J´ai des tombeaux en abondance, Des sépultures à discrétion, Dans tout cimetière´ d´ quelque importance J´ai ma petite concession. De l´humble terre au mausolée,
Avec toujours quelqu´un dedans, J´ai des p´tites bosses plein les allées, Et je suis triste, cependant... Car j´ n´en ai pas, et ça m´agace, Et ça défrise mon blason, Au cimetière´ du Montparnasse, A quatre pas de ma maison. (bis) J´en possède au Père-Lachaise, A Bagneux, à Thiais, à Pantin, Et jusque, ne vous en déplaise, Au fond du cimetière´ marin, A la vil´ comme´ à la campagne, Partout où l´on peut faire un trou, J´ai même´ des tombeaux en Espagne Qu´on me jalouse peu ou prou... Mais j´ n´en ai pas la moindre trace, Le plus humble petit soupçon, Au cimetière´ du Montparnasse,
A quatre pas de ma maison. (bis) Le jour des morts, je cours, je vole, Je vais, infatigablement, De nécropole en nécropole, De pierre´ tombale en monument.

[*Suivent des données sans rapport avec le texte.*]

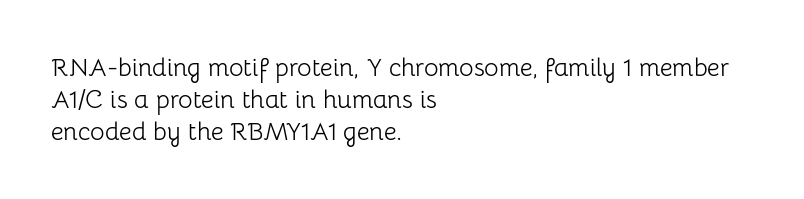
{"italic": "no", "bold": "no", "underline": "no", "align": "left", "line_spacing": "normal", "line_spacing_ratio": 1.28, "letter_spacing": "normal", "letter_spacing_em": 0.0, "glyph_px": 25}
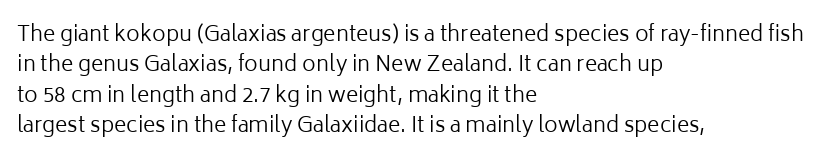
{"italic": "no", "bold": "no", "underline": "no", "align": "left", "line_spacing": "normal", "line_spacing_ratio": 1.45, "letter_spacing": "normal", "letter_spacing_em": 0.0, "glyph_px": 21}

On m´entrevoit sous un´ couronne D´immortelles à Champerret, Un peu plus tard, c´est à Charonne Qu´on m´aperçoit sous un cyprès... Mais, seul, un fourbe aura l´audace De dire´ "J´ l´ai vu à l´horizon Du cimetière du Montparnasse, A quatre pas de sa maison". (bis) Devant l´ château de ma grand-tante La marquise de Carabas, Ma saint´ famille languit d´attente : Mourra-t-elle mourra-t-elle pas ? L´un veut son or, l´autre ses meubles,
Qui ses bijoux, qui ses bibelots, Qui ses forêts, qui ses immeubles, Qui ses tapis, qui ses tableaux... Moi je n´implore qu´une grâce, C´est qu´elle passe la morte-saison Au cimetière du Montparnasse, A quatre pas de ma maison. (bis) Ainsi chantait, la mort dans l´âme, Un jeune homme de bonne tenue, En train de ranimer la flamme Du soldat qui lui était connu, Or, il advint qu´ le ciel eut marre de L´entendre parler d´ ses caveaux. Et Dieu fit signe à la camarde De l´expédier rue Froidevaux... Mais les croque-morts, qui’ étaient de Chartres Funeste erreur de livraison,
Menèrent sa dépouille à Montmartre, De l´autre côté de sa maison. (bis)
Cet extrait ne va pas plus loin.